▸ **Description of the task**: When the string "svgrepo" appears in a line of the records, show the whole line.

Recorded data
+ + + +
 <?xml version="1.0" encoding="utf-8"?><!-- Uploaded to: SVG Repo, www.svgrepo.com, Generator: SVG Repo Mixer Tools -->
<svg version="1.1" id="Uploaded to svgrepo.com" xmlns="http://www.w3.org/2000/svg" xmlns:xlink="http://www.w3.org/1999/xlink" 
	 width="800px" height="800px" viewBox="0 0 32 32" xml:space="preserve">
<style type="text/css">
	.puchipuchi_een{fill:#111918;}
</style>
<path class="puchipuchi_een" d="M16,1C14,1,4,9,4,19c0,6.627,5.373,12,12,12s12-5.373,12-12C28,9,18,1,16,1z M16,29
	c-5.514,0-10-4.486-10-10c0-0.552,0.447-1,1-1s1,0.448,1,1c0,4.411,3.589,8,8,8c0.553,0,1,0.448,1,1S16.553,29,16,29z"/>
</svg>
+ + + +
▸ **Written solution**:
 <?xml version="1.0" encoding="utf-8"?><!-- Uploaded to: SVG Repo, www.svgrepo.com, Generator: SVG Repo Mixer Tools -->
<svg version="1.1" id="Uploaded to svgrepo.com" xmlns="http://www.w3.org/2000/svg" xmlns:xlink="http://www.w3.org/1999/xlink" 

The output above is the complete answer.